* [Try it]
All lines ahead of the one containing "value: 34.49" are to be left out; that line and each one after it, through the end of the records below, are to be duplicated exactly.

[Data entries]
★ ★ ★ ★ ★

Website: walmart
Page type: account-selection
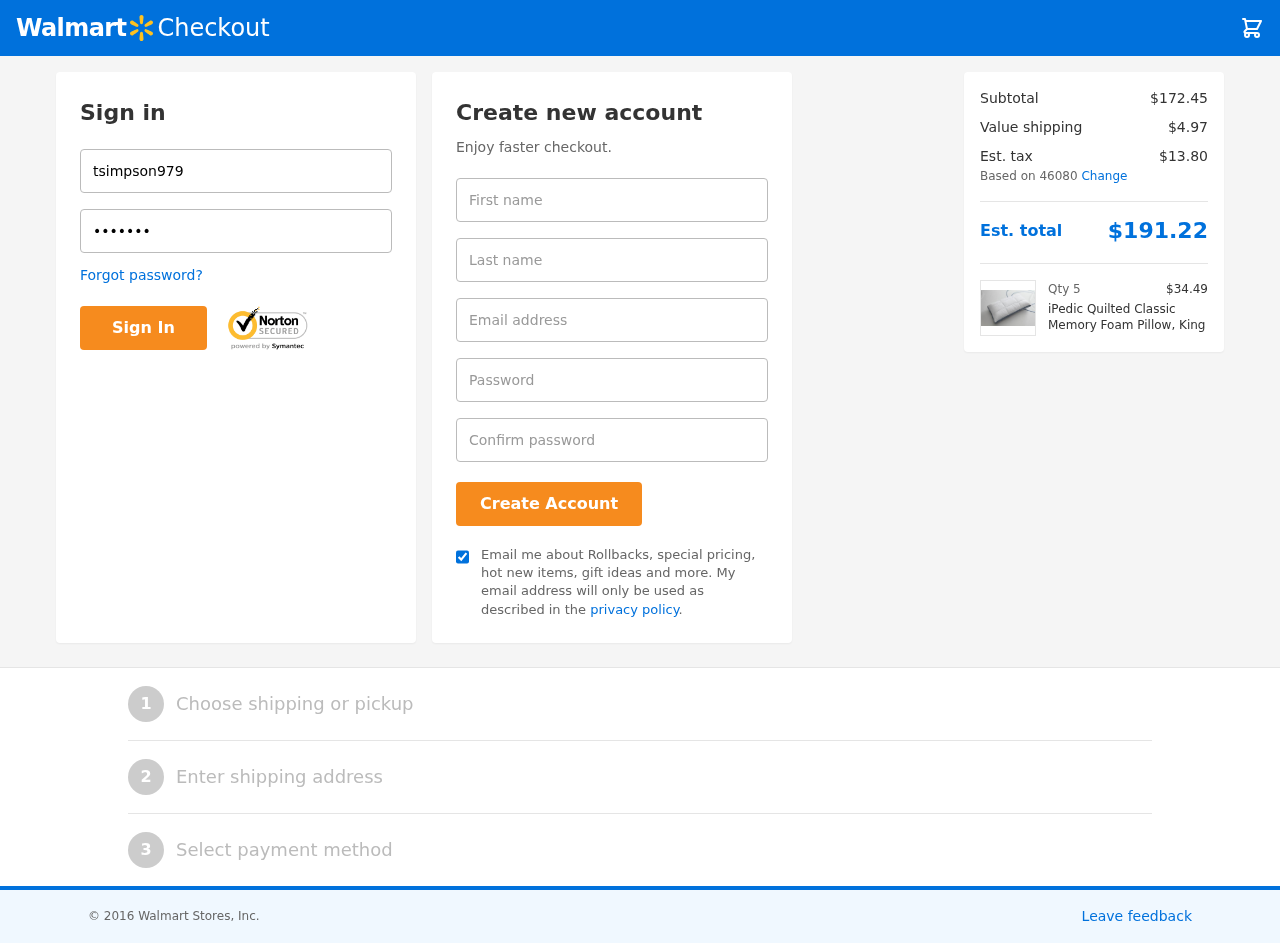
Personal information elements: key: PII_EMAIL
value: thomassimpson@yahoo.com
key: PII_FIRSTNAME
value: Thomas
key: PII_LASTNAME
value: Simpson
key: PII_LOGIN_USERNAME
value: tsimpson979
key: PII_POSTCODE
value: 46080
Product elements: key: PRODUCT1_NAME
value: iPedic Quilted Classic Memory Foam Pillow, King
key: PRODUCT1_PRICE
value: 34.49
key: PRODUCT1_QUANTITY
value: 5
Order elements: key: ORDER_SUBTOTAL
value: $172.45
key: ORDER_SHIPPING_COST
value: $4.97
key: ORDER_TAX
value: $13.80
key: ORDER_TOTAL
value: $191.22

★ ★ ★ ★ ★

* [Exercise solution]
value: 34.49
key: PRODUCT1_QUANTITY
value: 5
Order elements: key: ORDER_SUBTOTAL
value: $172.45
key: ORDER_SHIPPING_COST
value: $4.97
key: ORDER_TAX
value: $13.80
key: ORDER_TOTAL
value: $191.22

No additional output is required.